» WHAT IS NEEDED:
Output exactly the lines from the one holding "Element spacing (wavelengths): 1" through the final line of the entries.

Data extracted from a collection:
[Start of section]

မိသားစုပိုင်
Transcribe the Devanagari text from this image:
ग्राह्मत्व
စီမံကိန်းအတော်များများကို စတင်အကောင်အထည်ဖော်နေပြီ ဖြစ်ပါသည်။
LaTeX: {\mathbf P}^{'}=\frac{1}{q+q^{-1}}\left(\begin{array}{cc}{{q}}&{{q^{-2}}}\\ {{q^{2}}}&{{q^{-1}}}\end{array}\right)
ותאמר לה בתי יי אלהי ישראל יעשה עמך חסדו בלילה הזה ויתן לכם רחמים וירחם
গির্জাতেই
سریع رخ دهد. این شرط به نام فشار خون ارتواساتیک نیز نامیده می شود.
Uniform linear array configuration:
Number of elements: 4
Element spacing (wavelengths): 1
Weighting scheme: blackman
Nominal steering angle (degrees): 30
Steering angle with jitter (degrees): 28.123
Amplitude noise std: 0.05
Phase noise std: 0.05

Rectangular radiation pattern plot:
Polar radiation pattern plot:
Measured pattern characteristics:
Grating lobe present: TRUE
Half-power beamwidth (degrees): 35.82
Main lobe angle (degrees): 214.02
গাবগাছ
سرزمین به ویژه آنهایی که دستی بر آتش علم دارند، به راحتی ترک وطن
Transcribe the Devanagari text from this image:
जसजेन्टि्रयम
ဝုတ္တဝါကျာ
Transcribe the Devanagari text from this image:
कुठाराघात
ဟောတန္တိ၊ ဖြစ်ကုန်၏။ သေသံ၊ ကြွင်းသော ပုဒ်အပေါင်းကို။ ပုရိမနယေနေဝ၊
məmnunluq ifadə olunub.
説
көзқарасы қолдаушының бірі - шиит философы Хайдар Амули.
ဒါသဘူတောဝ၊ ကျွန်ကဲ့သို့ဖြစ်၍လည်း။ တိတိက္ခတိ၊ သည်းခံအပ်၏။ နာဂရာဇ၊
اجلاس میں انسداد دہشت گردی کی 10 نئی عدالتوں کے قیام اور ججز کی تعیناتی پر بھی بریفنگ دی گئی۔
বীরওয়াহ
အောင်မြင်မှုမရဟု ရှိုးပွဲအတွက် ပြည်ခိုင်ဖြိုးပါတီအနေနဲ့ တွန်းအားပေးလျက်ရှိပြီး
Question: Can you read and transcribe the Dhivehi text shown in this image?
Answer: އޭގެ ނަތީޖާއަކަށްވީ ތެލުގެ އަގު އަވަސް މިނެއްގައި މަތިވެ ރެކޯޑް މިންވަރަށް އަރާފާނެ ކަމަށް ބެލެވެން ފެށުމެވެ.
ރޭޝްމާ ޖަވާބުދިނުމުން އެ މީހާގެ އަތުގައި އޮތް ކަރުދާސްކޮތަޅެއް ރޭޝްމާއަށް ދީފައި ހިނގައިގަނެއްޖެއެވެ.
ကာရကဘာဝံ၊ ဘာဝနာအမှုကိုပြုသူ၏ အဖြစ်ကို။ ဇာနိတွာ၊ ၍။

[End of section]

» TASK RESULT:
Element spacing (wavelengths): 1
Weighting scheme: blackman
Nominal steering angle (degrees): 30
Steering angle with jitter (degrees): 28.123
Amplitude noise std: 0.05
Phase noise std: 0.05

Rectangular radiation pattern plot:
Polar radiation pattern plot:
Measured pattern characteristics:
Grating lobe present: TRUE
Half-power beamwidth (degrees): 35.82
Main lobe angle (degrees): 214.02
গাবগাছ
سرزمین به ویژه آنهایی که دستی بر آتش علم دارند، به راحتی ترک وطن
Transcribe the Devanagari text from this image:
जसजेन्टि्रयम
ဝုတ္တဝါကျာ
Transcribe the Devanagari text from this image:
कुठाराघात
ဟောတန္တိ၊ ဖြစ်ကုန်၏။ သေသံ၊ ကြွင်းသော ပုဒ်အပေါင်းကို။ ပုရိမနယေနေဝ၊
məmnunluq ifadə olunub.
説
көзқарасы қолдаушының бірі - шиит философы Хайдар Амули.
ဒါသဘူတောဝ၊ ကျွန်ကဲ့သို့ဖြစ်၍လည်း။ တိတိက္ခတိ၊ သည်းခံအပ်၏။ နာဂရာဇ၊
اجلاس میں انسداد دہشت گردی کی 10 نئی عدالتوں کے قیام اور ججز کی تعیناتی پر بھی بریفنگ دی گئی۔
বীরওয়াহ
အောင်မြင်မှုမရဟု ရှိုးပွဲအတွက် ပြည်ခိုင်ဖြိုးပါတီအနေနဲ့ တွန်းအားပေးလျက်ရှိပြီး
Question: Can you read and transcribe the Dhivehi text shown in this image?
Answer: އޭގެ ނަތީޖާއަކަށްވީ ތެލުގެ އަގު އަވަސް މިނެއްގައި މަތިވެ ރެކޯޑް މިންވަރަށް އަރާފާނެ ކަމަށް ބެލެވެން ފެށުމެވެ.
ރޭޝްމާ ޖަވާބުދިނުމުން އެ މީހާގެ އަތުގައި އޮތް ކަރުދާސްކޮތަޅެއް ރޭޝްމާއަށް ދީފައި ހިނގައިގަނެއްޖެއެވެ.
ကာရကဘာဝံ၊ ဘာဝနာအမှုကိုပြုသူ၏ အဖြစ်ကို။ ဇာနိတွာ၊ ၍။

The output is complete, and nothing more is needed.